Goal of the exercise —
Your job is to retype the records exactly while dropping every picture.

Provided entries below:

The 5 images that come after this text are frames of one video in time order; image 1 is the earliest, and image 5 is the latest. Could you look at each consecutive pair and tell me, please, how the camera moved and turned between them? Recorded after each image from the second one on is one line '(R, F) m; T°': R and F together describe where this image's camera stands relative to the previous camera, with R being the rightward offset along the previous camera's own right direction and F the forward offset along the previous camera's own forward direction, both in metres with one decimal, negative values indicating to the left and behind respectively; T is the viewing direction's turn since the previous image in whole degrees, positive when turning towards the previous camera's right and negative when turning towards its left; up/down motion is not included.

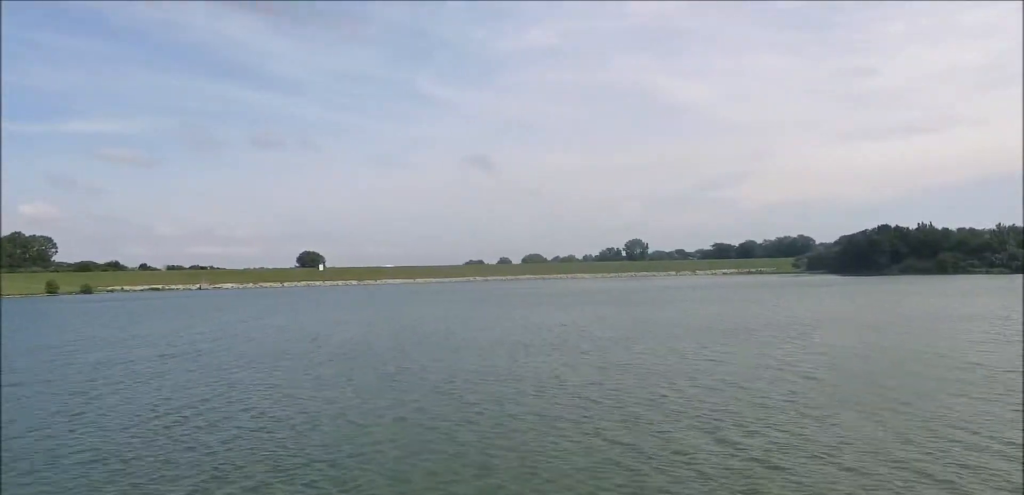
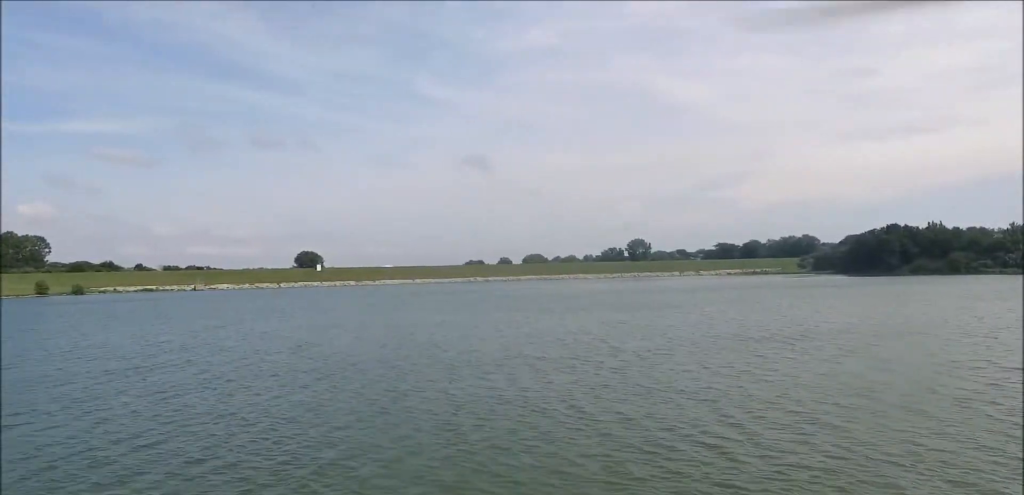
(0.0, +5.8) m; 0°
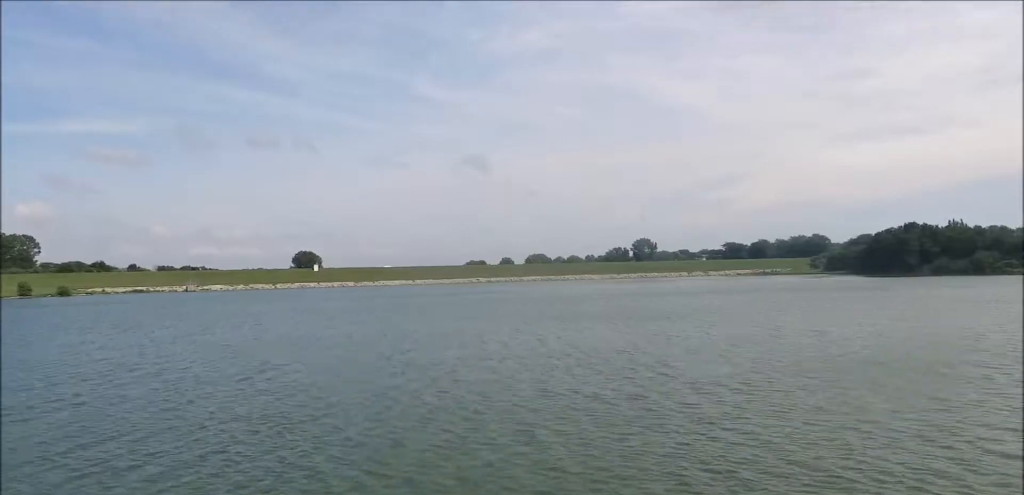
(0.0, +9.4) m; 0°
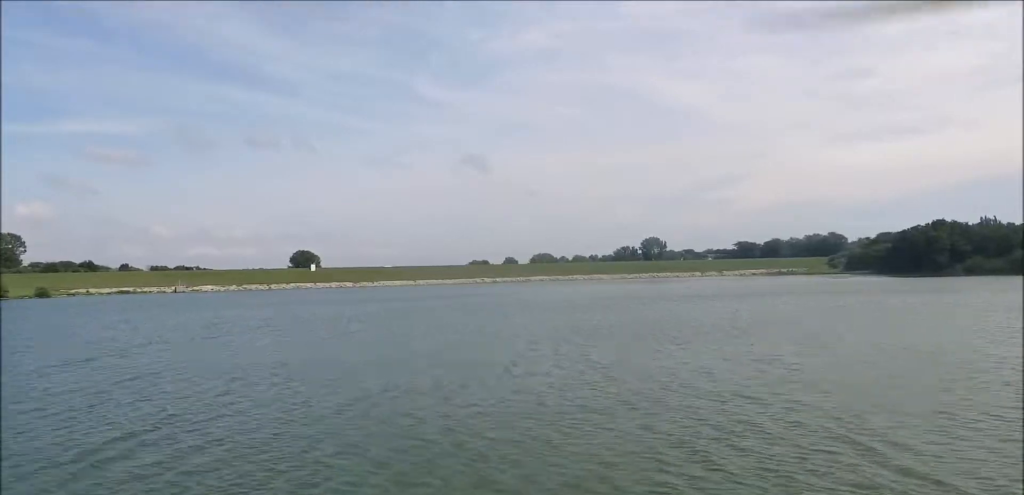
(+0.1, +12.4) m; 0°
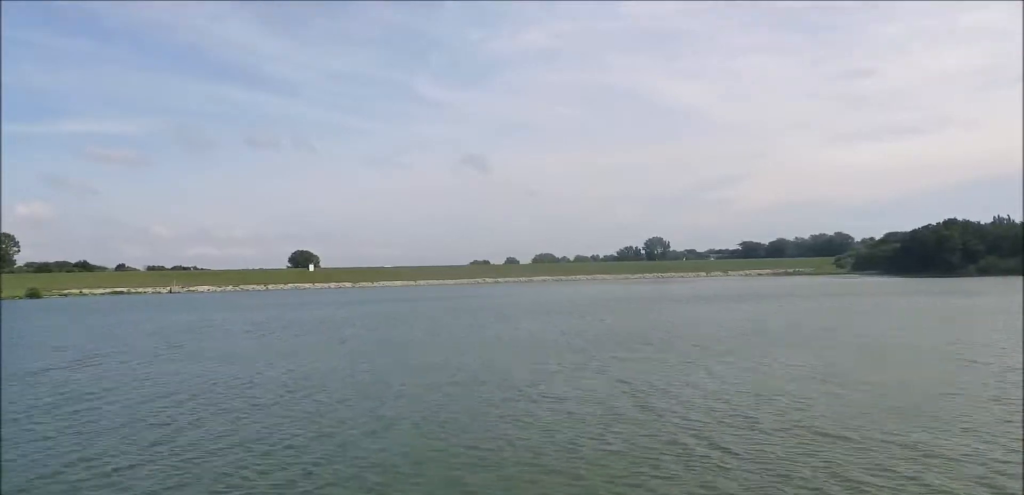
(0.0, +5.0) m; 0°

End of Provided entries.

Exercise answer —
The 5 images that come after this text are frames of one video in time order; image 1 is the earliest, and image 5 is the latest. Could you look at each consecutive pair and tell me, please, how the camera moved and turned between them? Recorded after each image from the second one on is one line '(R, F) m; T°': R and F together describe where this image's camera stands relative to the previous camera, with R being the rightward offset along the previous camera's own right direction and F the forward offset along the previous camera's own forward direction, both in metres with one decimal, negative values indicating to the left and behind respectively; T is the viewing direction's turn since the previous image in whole degrees, positive when turning towards the previous camera's right and negative when turning towards its left; up/down motion is not included.

(0.0, +5.8) m; 0°
(0.0, +9.4) m; 0°
(+0.1, +12.4) m; 0°
(0.0, +5.0) m; 0°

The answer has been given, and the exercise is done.